Jonathan Turley was right [“Shut up and play nice,” Outlook, Oct. 14] to criticize the Obama administration for backing “the passage of a resolution” at the United Nations to restrict anti-religious speech. Contrary to that resolution, the First Amendment protects speech even if it leads to negative stereotyping or stigmatization of Muslims, or to discrimination against them.

A federal appeals court rejected the “discrimination” rationale for restricting speech in White v. Lee (2000), ruling that speech can’t be punished just because it incites illegal discrimination.

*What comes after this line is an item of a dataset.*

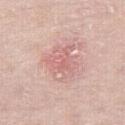Part of a total-body skin-imaging series; this lesion was reviewed on a skin check and was not flagged for biopsy. The patient is a female in their 70s. A roughly 15 mm field-of-view crop from a total-body skin photograph. The lesion is located on the right thigh.

It also ruled that federal officials could be sued for threatening citizens with civil fines for speaking out against a minority housing project.

Citing the First Amendment, courts also blocked a University of Michigan ban on “discriminatory” speech that “stigmatizes” minorities (1989) and a discrimination lawsuit against Arizona’s Maricopa Community College over a professor’s anti- immigration e-mails in 2010.

The federal government should stop trying to restrict speech under a “discrimination” rationale.

Hans Bader, Washington

The writer is senior attorney at the Competitive Enterprise Institute.

Jonathan Turley expressed concern about the erosion of free speech in the name of tolerance in the Western world. By way of example, he pointed to the recent video “Innocence of Muslims” which, after being posted on YouTube, sparked violent protests in several Muslim nations and drew quick condemnation from the U.N. secretary-general, who said the video should not be protected as free speech.

The secretary-general’s condemnation was appropriate and, moreover, does not constitute a recent erosion of free speech. In 1942, the Supreme Court held that “fighting words,” meaning words that are “[l]ikely to provoke the average person to retaliation, and thereby cause a breach of the peace” are not protected.

In a later case, the court explained that “the reason why fighting words are categorically excluded from the protection of the First Amendment is not that their content communicates any particular idea, but that their content embodies a particularly intolerable (and socially unnecessary) mode of expressing whatever idea the speaker wishes to convey.”

John R. Maney Jr., Springfield

Jonathan Turley was right for about 90 percent of his Outlook commentary, but he went off the rails in the last 10 percent, when he characterized as censorship the attempts by private entities, such as newspapers, to maintain decency in their publications. It is not censorship, nor a violation of a free-speech right, if The Post decides not to publish a letter on the grounds that it is offensive to law professors.

Newspapers should be congratulated on their good judgment if they refuse to give space to hateful speech or cartoons.  In fact, readers rely on them to be good stewards of public discourse. Mr. Turley’s argument appears to conflate newspapers, television programs and such with governments.

Bob Dennis, Potomac

It is hard to believe that the House of Representatives would introduce legislation criminalizing all lies told with the intent to obtain any undefined “tangible benefit,” as Jonathan Turley wrote. If passed, such a law would put all legislators in jail.